O vento ainda batia nas cortinas, as páginas do caderno de Carlos erguiam-se de quando em quando, revelando algumas linhas impossíveis de se distinguir na penumbra.
“Se eu disser que já havia pensado nisso...”
“Você já teve todos esses pensamentos”, interrompeu Gustavo. “Não só os teve, como ainda os acalenta dentro de si, e certamente só faltou externá-los. Eu já os havia desenvolvido, e aguardava apenas para dizê-los. Mas não se preocupe tanto. A sua prima está aí, não está?”
Carlos desligou, abrupto. Ergueu-se, foi até o banheiro, lavou o rosto.

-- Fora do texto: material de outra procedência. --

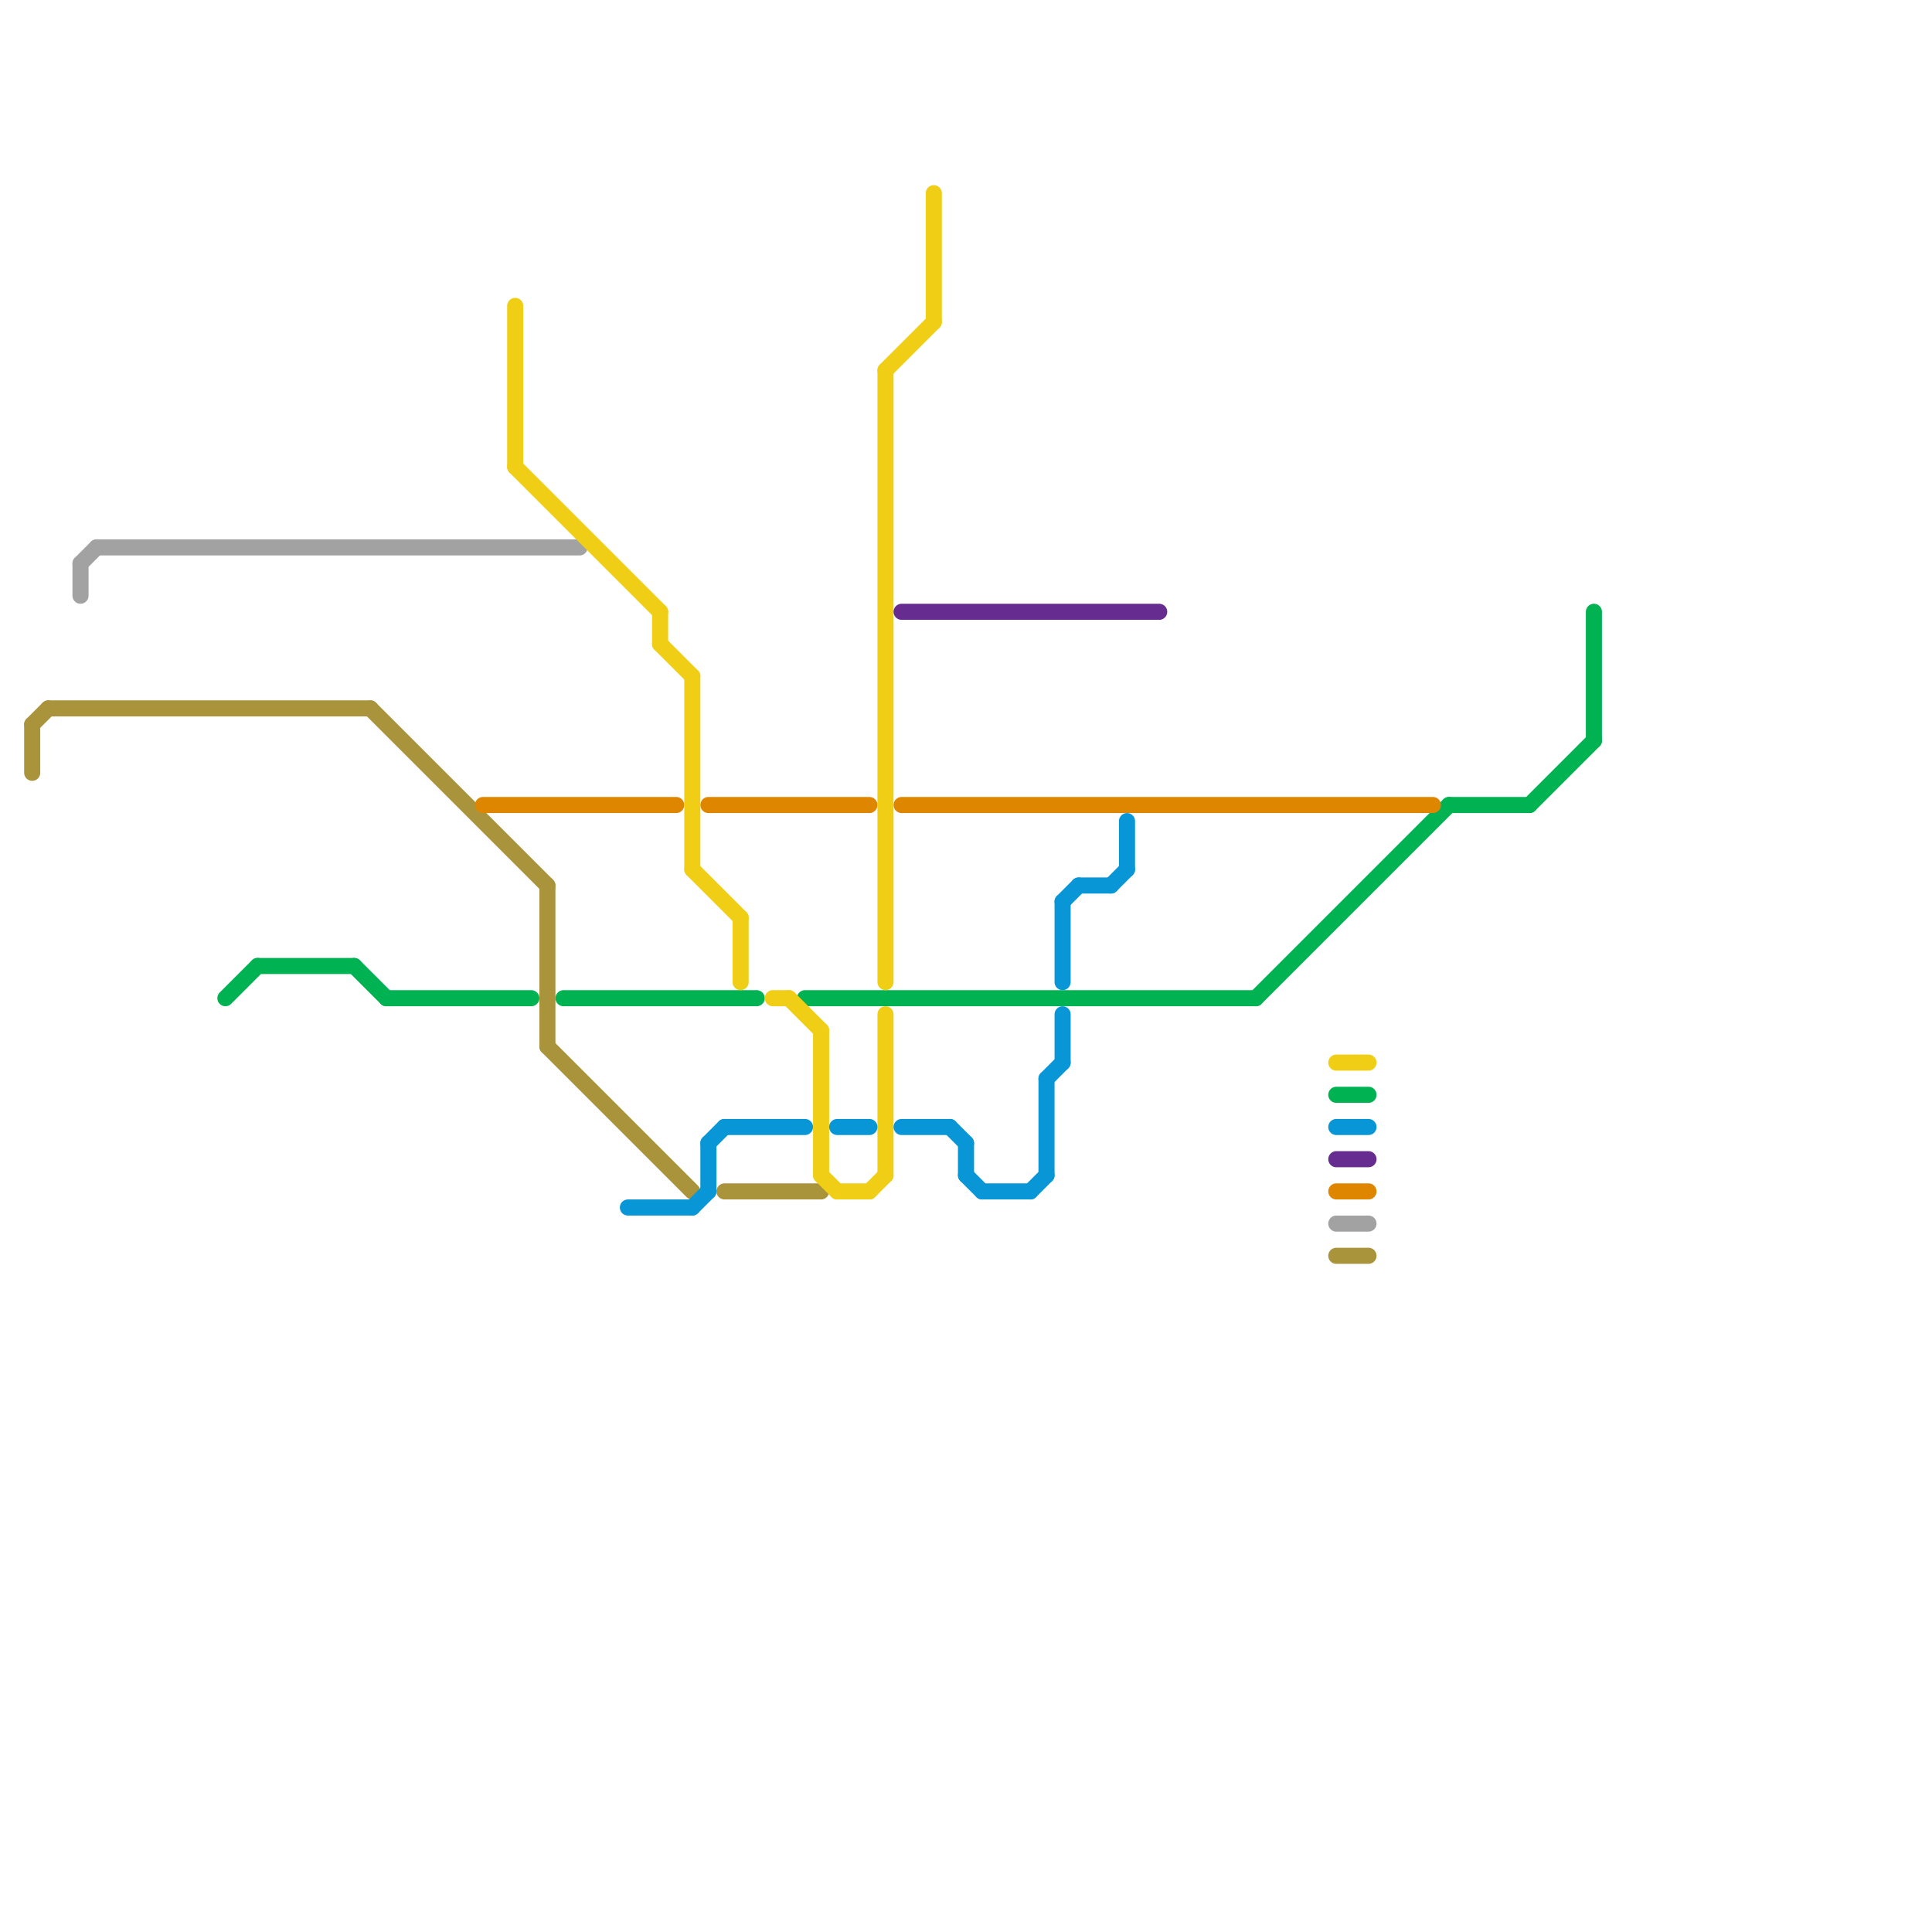 
<svg version="1.1" xmlns="http://www.w3.org/2000/svg" viewBox="0 0 120 120">
<style>text { font: 1px Helvetica; font-weight: 600; white-space: pre; dominant-baseline: central; } line { stroke-width: 1; fill: none; stroke-linecap: round; stroke-linejoin: round; } .c0 { stroke: #a2a2a2 } .c1 { stroke: #a9933b } .c2 { stroke: #00b251 } .c3 { stroke: #df8600 } .c4 { stroke: #f0ce15 } .c5 { stroke: #0896d7 } .c6 { stroke: #662c90 }</style><defs><g id="wm-xf"><circle r="1.2" fill="#000"/><circle r="0.9" fill="#fff"/><circle r="0.6" fill="#000"/><circle r="0.3" fill="#fff"/></g><g id="wm"><circle r="0.6" fill="#000"/><circle r="0.3" fill="#fff"/></g></defs><line class="c0" x1="5" y1="35" x2="6" y2="34"/><line class="c0" x1="6" y1="34" x2="36" y2="34"/><line class="c0" x1="83" y1="76" x2="85" y2="76"/><line class="c0" x1="5" y1="35" x2="5" y2="37"/><line class="c1" x1="45" y1="74" x2="51" y2="74"/><line class="c1" x1="2" y1="45" x2="3" y2="44"/><line class="c1" x1="23" y1="44" x2="34" y2="55"/><line class="c1" x1="83" y1="78" x2="85" y2="78"/><line class="c1" x1="2" y1="45" x2="2" y2="48"/><line class="c1" x1="34" y1="55" x2="34" y2="65"/><line class="c1" x1="34" y1="65" x2="43" y2="74"/><line class="c1" x1="3" y1="44" x2="23" y2="44"/><line class="c2" x1="35" y1="62" x2="47" y2="62"/><line class="c2" x1="50" y1="62" x2="78" y2="62"/><line class="c2" x1="83" y1="68" x2="85" y2="68"/><line class="c2" x1="99" y1="38" x2="99" y2="46"/><line class="c2" x1="78" y1="62" x2="90" y2="50"/><line class="c2" x1="16" y1="60" x2="22" y2="60"/><line class="c2" x1="14" y1="62" x2="16" y2="60"/><line class="c2" x1="22" y1="60" x2="24" y2="62"/><line class="c2" x1="24" y1="62" x2="33" y2="62"/><line class="c2" x1="90" y1="50" x2="95" y2="50"/><line class="c2" x1="95" y1="50" x2="99" y2="46"/><line class="c3" x1="44" y1="50" x2="54" y2="50"/><line class="c3" x1="56" y1="50" x2="89" y2="50"/><line class="c3" x1="30" y1="50" x2="42" y2="50"/><line class="c3" x1="83" y1="74" x2="85" y2="74"/><line class="c4" x1="32" y1="29" x2="41" y2="38"/><line class="c4" x1="58" y1="12" x2="58" y2="20"/><line class="c4" x1="46" y1="57" x2="46" y2="61"/><line class="c4" x1="43" y1="54" x2="46" y2="57"/><line class="c4" x1="48" y1="62" x2="49" y2="62"/><line class="c4" x1="51" y1="73" x2="52" y2="74"/><line class="c4" x1="52" y1="74" x2="54" y2="74"/><line class="c4" x1="41" y1="38" x2="41" y2="40"/><line class="c4" x1="55" y1="63" x2="55" y2="73"/><line class="c4" x1="51" y1="64" x2="51" y2="73"/><line class="c4" x1="49" y1="62" x2="51" y2="64"/><line class="c4" x1="41" y1="40" x2="43" y2="42"/><line class="c4" x1="83" y1="66" x2="85" y2="66"/><line class="c4" x1="54" y1="74" x2="55" y2="73"/><line class="c4" x1="55" y1="23" x2="58" y2="20"/><line class="c4" x1="55" y1="23" x2="55" y2="61"/><line class="c4" x1="32" y1="19" x2="32" y2="29"/><line class="c4" x1="43" y1="42" x2="43" y2="54"/><line class="c5" x1="60" y1="73" x2="61" y2="74"/><line class="c5" x1="45" y1="70" x2="50" y2="70"/><line class="c5" x1="66" y1="56" x2="67" y2="55"/><line class="c5" x1="60" y1="71" x2="60" y2="73"/><line class="c5" x1="67" y1="55" x2="69" y2="55"/><line class="c5" x1="56" y1="70" x2="59" y2="70"/><line class="c5" x1="83" y1="70" x2="85" y2="70"/><line class="c5" x1="39" y1="75" x2="43" y2="75"/><line class="c5" x1="70" y1="51" x2="70" y2="54"/><line class="c5" x1="64" y1="74" x2="65" y2="73"/><line class="c5" x1="61" y1="74" x2="64" y2="74"/><line class="c5" x1="66" y1="63" x2="66" y2="66"/><line class="c5" x1="44" y1="71" x2="45" y2="70"/><line class="c5" x1="65" y1="67" x2="66" y2="66"/><line class="c5" x1="66" y1="56" x2="66" y2="61"/><line class="c5" x1="59" y1="70" x2="60" y2="71"/><line class="c5" x1="52" y1="70" x2="54" y2="70"/><line class="c5" x1="44" y1="71" x2="44" y2="74"/><line class="c5" x1="65" y1="67" x2="65" y2="73"/><line class="c5" x1="43" y1="75" x2="44" y2="74"/><line class="c5" x1="69" y1="55" x2="70" y2="54"/><line class="c6" x1="83" y1="72" x2="85" y2="72"/><line class="c6" x1="56" y1="38" x2="72" y2="38"/>
</svg>

Examinou, pormenorizadamente, o rosto que se refletia na superfície lisa e perfeita do espelho. Depois enveredou pelo corredor escuro, cujos quadros, pendentes das paredes, esboçavam formas diáfanas. Estacionou uns instantes em frente ao quarto de hóspedes, refletindo. Foi com um leve rangido, que soou como um gemido das dobradiças ásperas, que a porta abriu-se cautelosamente, para depois ser fechada cuidadosamente, como para proteger um segredo.